The case-fatality ratio has the least amount of overlap with the other metrics, as only 3 of the 10 facilities with the highest case-fatality ratios had high values on the other indicators.
This could reflect variation in testing policies that overshadows any similarity with the other indicators. However, this could also show a true difference in the aspect of outbreak severity captured by this metric vs. the others: case-fatality ratio theoretically shows how deadly an outbreak is regardless of the number of people infected, whereas the other metrics also incorporate an aspect of how much transmission has already occurred. So, assuming perfectly consistent testing policies across prisons, we might still expect some divergence between case-fatality ratios and the other outbreak measures.
Based on publicly available data, we see that case counts, death counts, and population-adjusted case and death counts are fairly convergent: facilities with more cases are likely to have more deaths. When the data is available, population-adjusted values make it easy to compare facilities of different sizes. We suggest that analysts and decision-makers use population-adjusted case and death counts when possible for evaluating COVID-19 outbreaks in correctional institutions. Although there is some uncertainty introduced into these per capita metrics because population data may not be up-to-date, we believe these metrics still provide a measure of outbreak severity that is most comparable across facilities of different sizes. Our results also suggest that absolute death counts are likely to be reliable if total facility population is unavailable.
Our results do suggest caution in using any of the six metrics we explored for facilities with very small absolute numbers of cases.

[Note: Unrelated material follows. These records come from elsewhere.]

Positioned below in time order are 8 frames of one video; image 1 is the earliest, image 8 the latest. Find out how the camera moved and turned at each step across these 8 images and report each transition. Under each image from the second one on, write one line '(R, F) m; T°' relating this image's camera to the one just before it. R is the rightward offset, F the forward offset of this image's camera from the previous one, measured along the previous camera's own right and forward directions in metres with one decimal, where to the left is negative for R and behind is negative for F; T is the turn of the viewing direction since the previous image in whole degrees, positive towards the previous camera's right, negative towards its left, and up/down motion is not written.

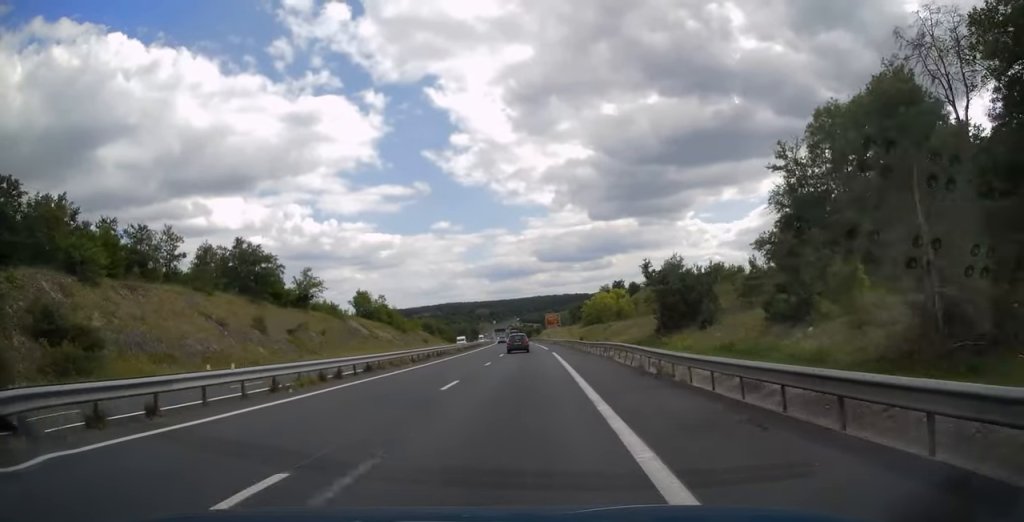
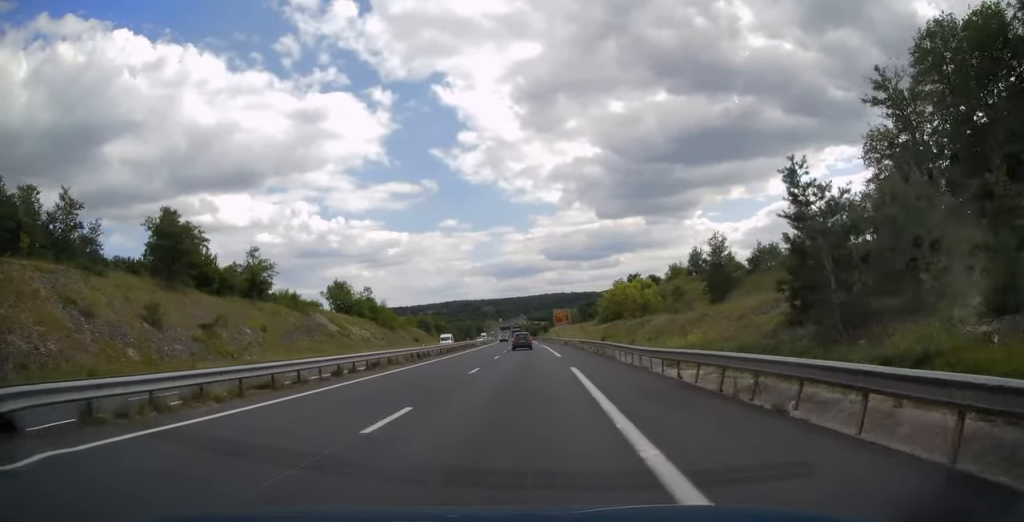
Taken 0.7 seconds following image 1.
(-0.1, +20.2) m; -1°
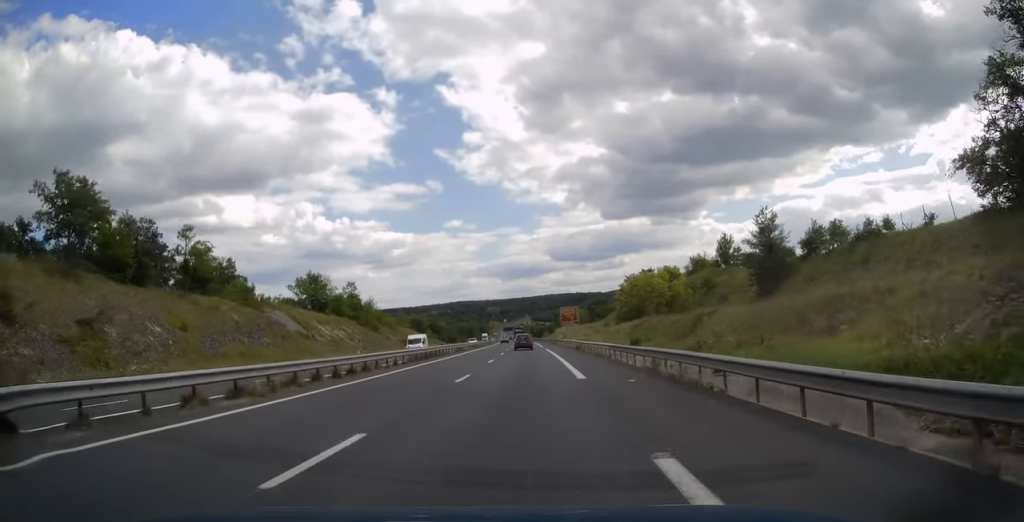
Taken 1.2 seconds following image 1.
(0.0, +16.2) m; -1°
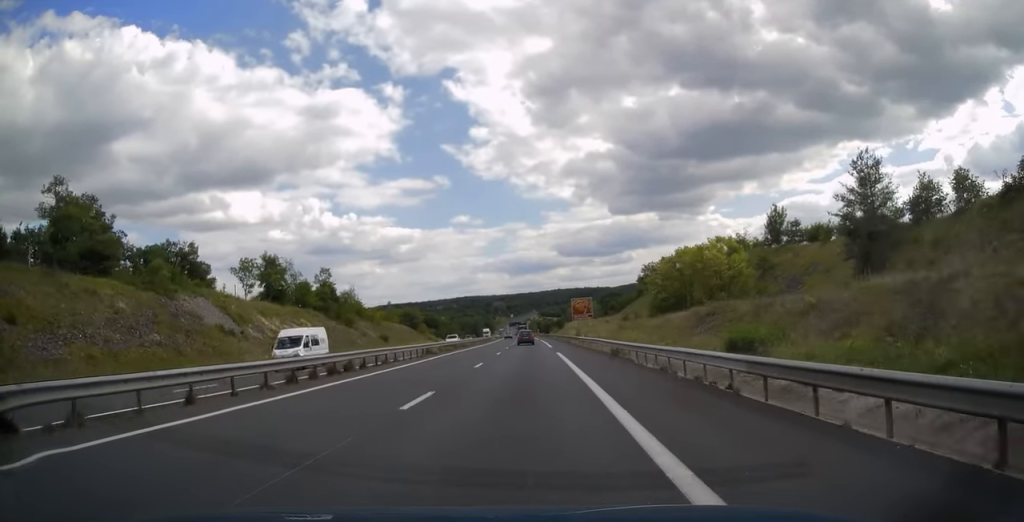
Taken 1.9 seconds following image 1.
(-0.2, +20.2) m; -1°
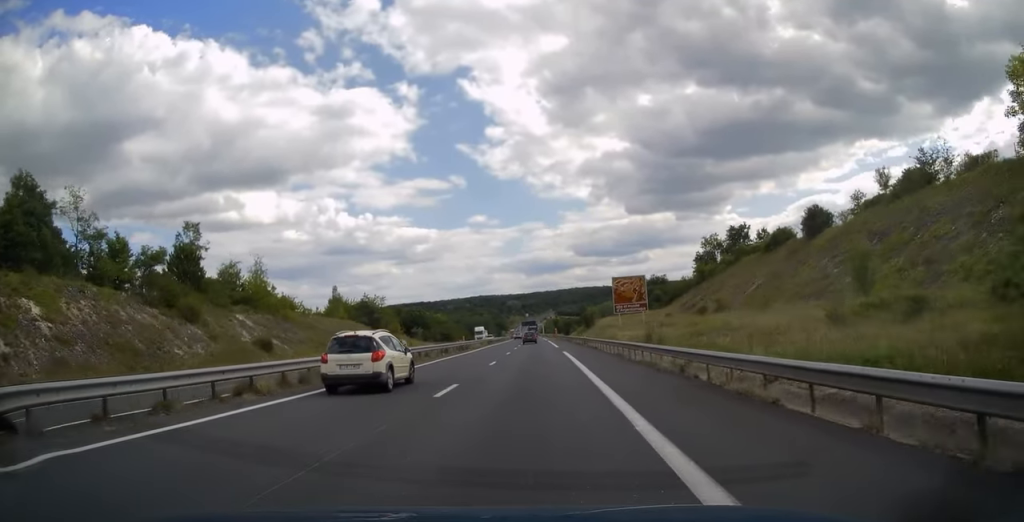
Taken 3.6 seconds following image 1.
(-0.6, +48.9) m; -1°
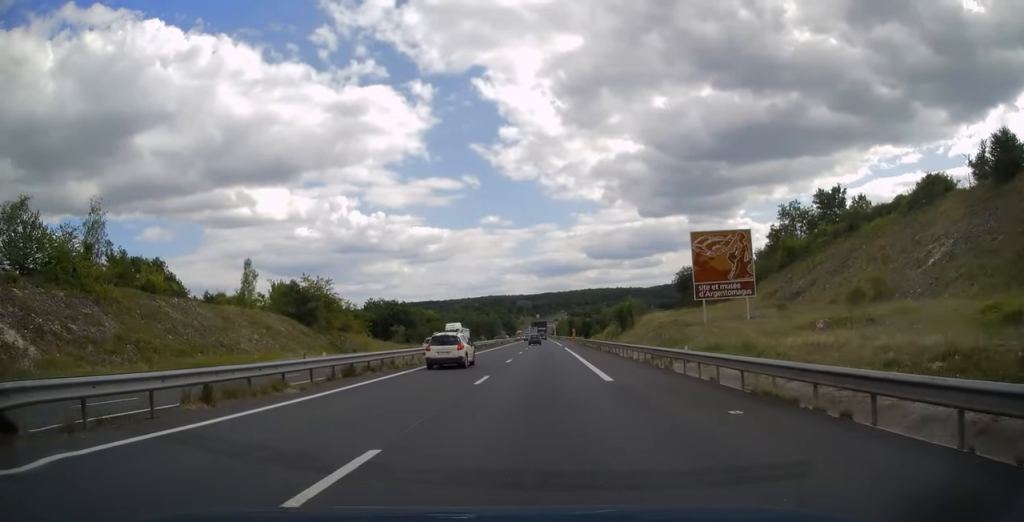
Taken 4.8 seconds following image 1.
(-0.2, +34.1) m; 0°
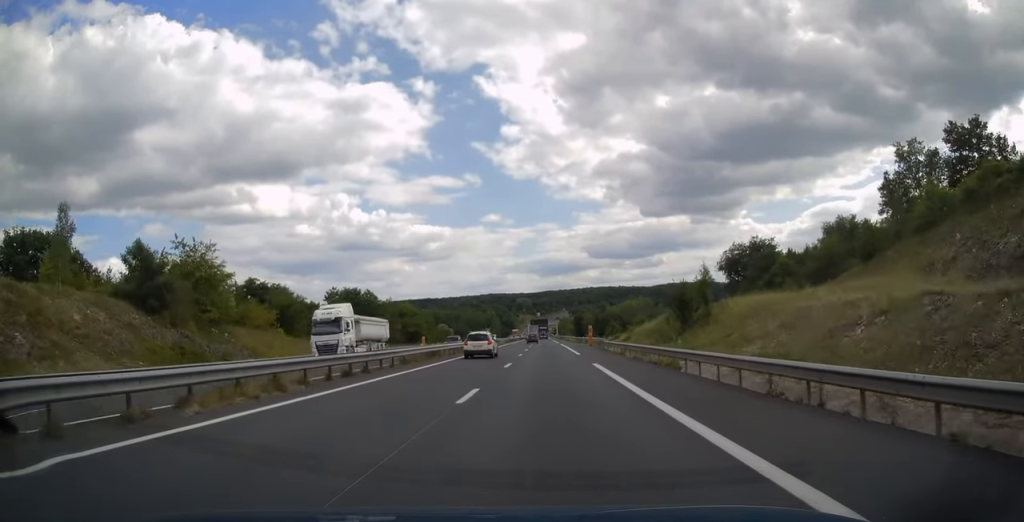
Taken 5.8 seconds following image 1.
(-0.1, +29.7) m; 0°
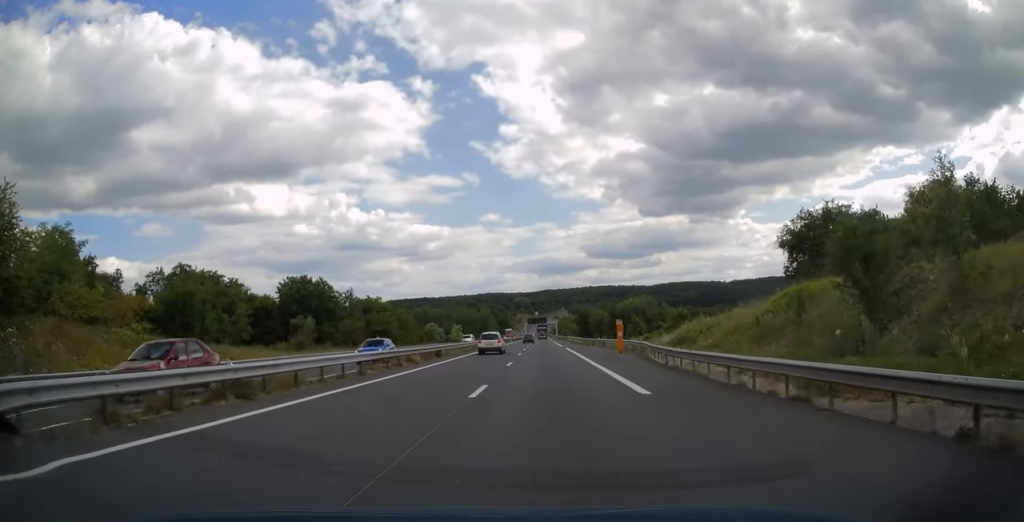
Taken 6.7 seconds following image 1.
(0.0, +22.9) m; 0°

And because testing policies vary significantly among facilities (ranging from preventative protocols in which asymptomatic individuals are regularly tested, to a triage approach, where a limited supply of tests are allocated only for symptomatic or high-risk individuals), some facilities that report small absolute case numbers may still be experiencing significant undetected transmission.

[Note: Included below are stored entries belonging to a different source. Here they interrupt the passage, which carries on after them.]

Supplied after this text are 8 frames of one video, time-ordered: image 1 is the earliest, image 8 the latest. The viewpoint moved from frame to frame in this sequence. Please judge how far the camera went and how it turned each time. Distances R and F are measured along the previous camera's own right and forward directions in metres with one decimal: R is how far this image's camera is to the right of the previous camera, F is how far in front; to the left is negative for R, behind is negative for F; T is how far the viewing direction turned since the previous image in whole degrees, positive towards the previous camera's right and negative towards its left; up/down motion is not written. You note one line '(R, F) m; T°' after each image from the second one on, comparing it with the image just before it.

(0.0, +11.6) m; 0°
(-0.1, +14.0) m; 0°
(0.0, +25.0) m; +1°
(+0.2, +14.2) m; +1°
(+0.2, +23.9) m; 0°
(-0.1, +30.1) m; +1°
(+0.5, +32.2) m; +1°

We suspect that for real-time decision-making, death-based metrics are unlikely to be sufficient because deaths usually occur several weeks after the onset of the disease.
While percent of positive test results is not strongly related to other outbreak markers, it may still be a useful real-time indicator of the current state of an outbreak and testing coverage.
The case-fatality ratio — the percentage of people with COVID-19 that die from it in a given facility — interestingly shows almost no correlation with the other 5 indicators. This is particularly fascinating given that it was a primary measure used by the CDC to rate the severity of a pandemic until the more comprehensive Pandemic Severity Assessment Framework was finalized in 2013. Further investigation is needed to understand why this rate shows such different results for outbreak severity in prisons. It is not clear if this is because of genuine differences in factors that lead to more cases versus deaths, or simply because this metric is biased by testing procedures and reporting.
Though case-fatality ratio is widely accepted in the public health sphere to monitor disease outbreaks, its applicability in detention settings may be limited, as incarcerated populations frequently fluctuate, and some individuals diagnosed with coronavirus may succumb to the disease after being released from custody.
Calculating the case-fatality ratio is further complicated by the relative opacity of facilities’ testing approaches and internal policies, and initial results lead us to believe that it may not be a reliable indicator for coronavirus spread in jails and prisons.
1. Note that recent decarceral policies may have reduced prison populations further than latest numbers we were able to collect
2. We made use of a public dataset of COVID-cases in criminal justice facilities that is updated nightly from various sources and publicly available data about facility populations.